▶ _Exercise objective_: Everything from the line containing "Two aerial photos of one place in France, from 2016" through the last line of the data below is to be retyped exactly, apart from the pictures.

▶ _Exercise inputs_:
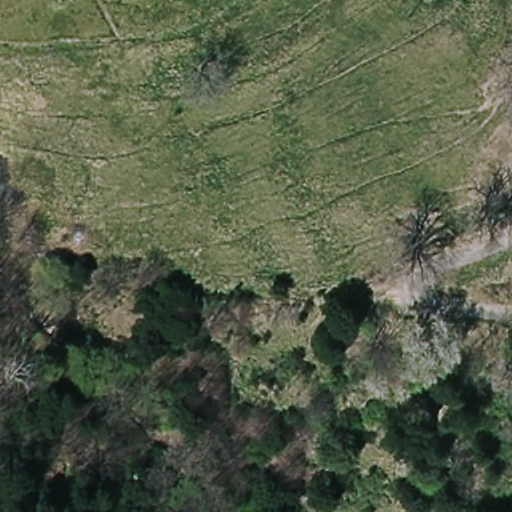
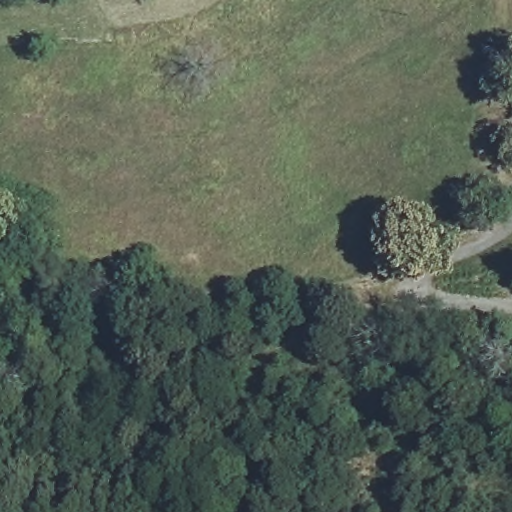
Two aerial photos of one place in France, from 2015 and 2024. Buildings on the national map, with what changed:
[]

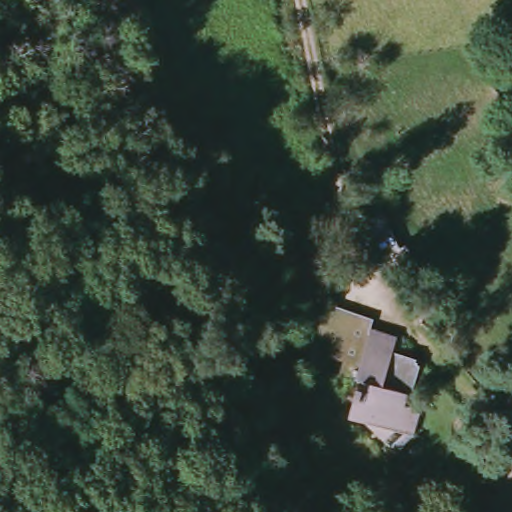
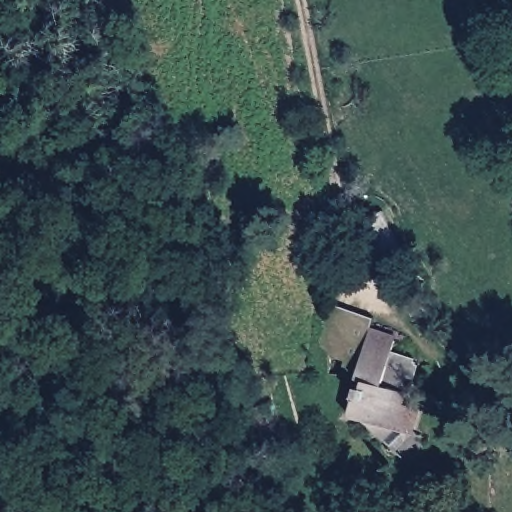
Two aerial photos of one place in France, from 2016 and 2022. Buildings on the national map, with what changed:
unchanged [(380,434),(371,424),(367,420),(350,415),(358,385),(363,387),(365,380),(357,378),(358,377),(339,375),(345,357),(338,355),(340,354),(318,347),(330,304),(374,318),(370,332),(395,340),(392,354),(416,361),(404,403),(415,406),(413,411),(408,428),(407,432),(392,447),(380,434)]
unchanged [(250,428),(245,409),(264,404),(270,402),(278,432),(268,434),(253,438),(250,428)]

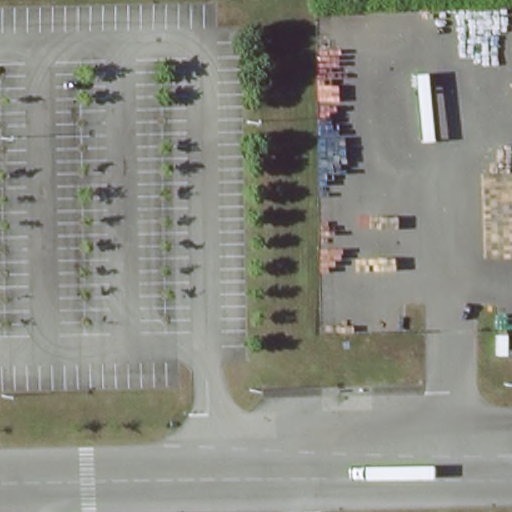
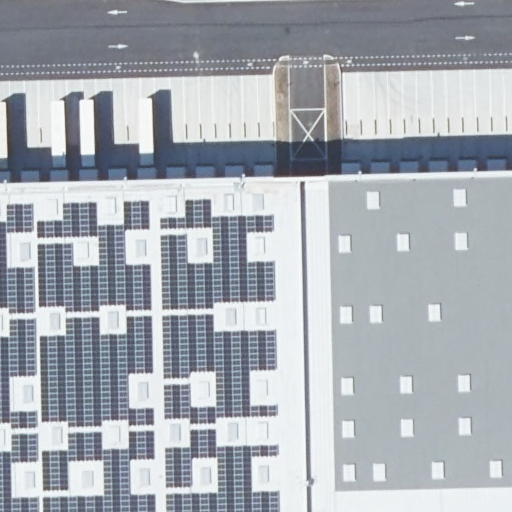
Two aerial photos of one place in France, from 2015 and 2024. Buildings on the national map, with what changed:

▶ _Response area_:
Two aerial photos of one place in France, from 2016 and 2022. Buildings on the national map, with what changed:
unchanged [(380,434),(371,424),(367,420),(350,415),(358,385),(363,387),(365,380),(357,378),(358,377),(339,375),(345,357),(338,355),(340,354),(318,347),(330,304),(374,318),(370,332),(395,340),(392,354),(416,361),(404,403),(415,406),(413,411),(408,428),(407,432),(392,447),(380,434)]
unchanged [(250,428),(245,409),(264,404),(270,402),(278,432),(268,434),(253,438),(250,428)]

Two aerial photos of one place in France, from 2015 and 2024. Buildings on the national map, with what changed:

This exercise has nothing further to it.